Une réflexion sur « Gilets jaunes, demande démocratique et délinquance publique »

  1. CE que je trouve très curieux dans cette hjistoire, c’est que personne ne dit :
    1- Quand il n’y a pas d’avoine, les chevaux se battent : le problème à résoudre est un problème de niveau de vie

    2- Notre société change : elle accélère et devient de plus en plus immatérielle ; or nos outils comptables ont été conçus en période lente (la comptabilité en partie double date de 1490), pour gérer proprement des marchandises … NOUS DEVONS REVOIR NOS OUTILS et en particulier concevoir des outils qui imitent la Nature, mais en l’accélérant. La Nature ne fonctionne pas en logique hiérarchique, mais en logique d’Homéostasie, gérée par des doubles régulations à tous niveaux. Personne ne réfléchit à « comment s’inspirer de la Nature pour s’auto-organiser ». Pourquoi ? l’astuce pour trouver les moyens pratiques consiste à reprendre ce qui est fait en mécanique quantique … car l’économie est quantique ! Alors, on trouvera les fonctions. Qui plus est, ces fonctions ont déjà inspiré des civilisations qui ont vécu longtemps. Donc, l’objectif est de faire la synthèse des mécanismes de fonctionnements connus. Ce n’est pas infaisable … si on admet que la puissance de traitement nous dépasse et que nous devons utiliser des ordinateurs… Aujourd’hui, on a moins peur des ordinateurs. On sait même comment ils peuvent s’entre-aider. Regardons comment sont conçus les avions ou les navettes spatiales et imitons / adaptons.
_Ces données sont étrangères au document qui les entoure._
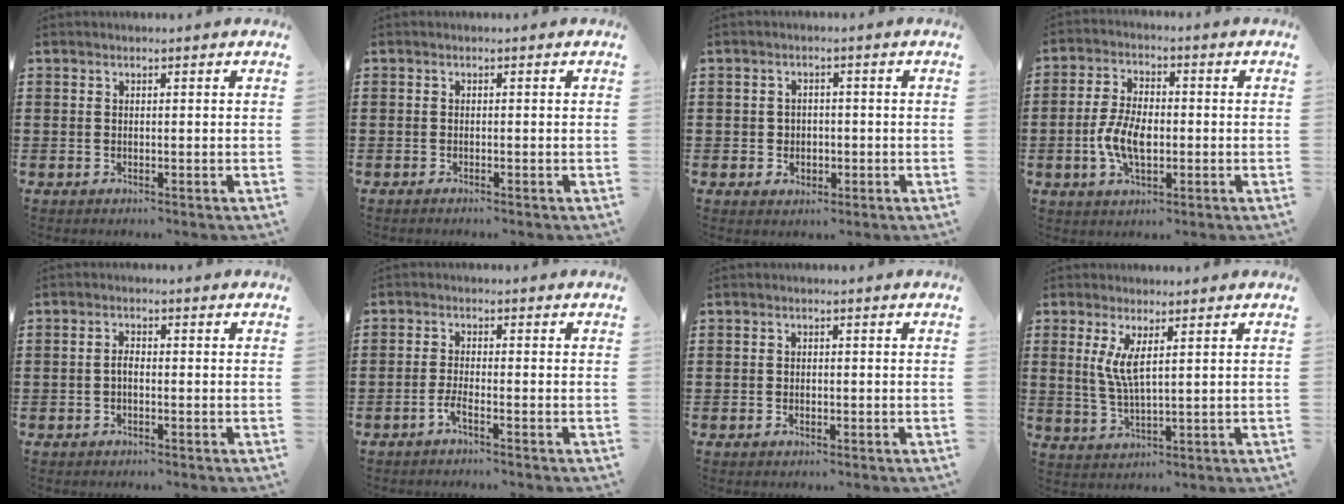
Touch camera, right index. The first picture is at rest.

    3- Notre société est plus exigeante : nous ne voulons plus polluer. C’est très bien. Sur le plan PRATIQUE, ca veut dire qu’il faut s’organiser AUTREMENT et partout avec plus de PRECISION : exemple, utiliser plus de circuits courts, plus d’imprimantes 3D, plus de travail en réseau. Quand on multiplie les actions de façon dispersées, il faut beaucoup plus de traitement d’information pour pister et éviter les gaspillages. > posons le problème pour le résoudre ; on sait faire !

    4- Mieux, nous voulons être plus efficaces. Très bien. Il n’y a pas de mystère ; il faut favoriser les coopérations et l’efficacité dans les coopérations. C’est un problème de traitement d’information : mettons comme projet National de futures AUTOROUTES DE LA COOPERATION.

    5- Conclusion : Faisons la synthèse :
    – Organisons des processus de valorisation en double régulation, qui valorisent les efforts pour apprendre, expérimenter, mettre en route, diffuser des techniques ou organisations moins polluantes. Ca veut dire, inventons de nouveaux traceurs de valeurs, conçus comme des agents intelligents qui s’attaque au problème majeur : « il n’y a pas de problème d’argent, il n’y a que des problèmes d’engagements ».
    Ce veut dire qu’il faut trouver comment à la fois mieux prévoir (ca veut dire qu’il faut anticiper, donc inventer des outils d’anticipation) et comment gérer les risques (le gaspillageà

    – Organisons ces circuits en respectant les principes de systémique qui séparent bien les commandes (ce que ne fait ni la compta, ni la finance).
    – Alors, on verra qu’il est possible de transformer l’inévitable gaspillage en augmentation de marché solvable.

    Travaillons dur, pour que cette augmentation :
    – améliore le pouvoir d’achat ete de ceux qui font des efforts et de toutes les personnes qui sont sur le bord de la route actuellement. On peut le faire via les circuits citoyens fonctionnant avec de l’argent intelligent qui relance la coopération, au lieu de couper les communications (la monnaie ne parle pas).
    – libère du budget pour les villes (si la moitié des Maires ne veulent plus se représenter, c’est qu’il y a des problèmes graves).
    – Donne du financement aux entrepreneurs, aux innovateurs, à tous ceux qui veulent se remuer et faire valoriser leurs efforts.

    Bref, sortons des outils datant du Moyen Age et intégrons tout ce que nous savons, du fonctionnement de la Nature, comme des progrès fantastiques qui avancent à toute vitesse grâce aux réseaux.

    On aurait dû commencer par ces outils. Ce n’est pas faute d’avoir anticipé… mais il est impossible de faire boire un âne qui n’a pas soif.

    Question : les révoltes sont elles assez fortes pour donner envie de raisonner en respectant les sciences ?
    Faut-il attendre l’invasion prévue des Robots pour qu’on se décide à valoriser l’Apport – travail / les efforts d’anticipation ?

    Vos réactions sont les bienvenues.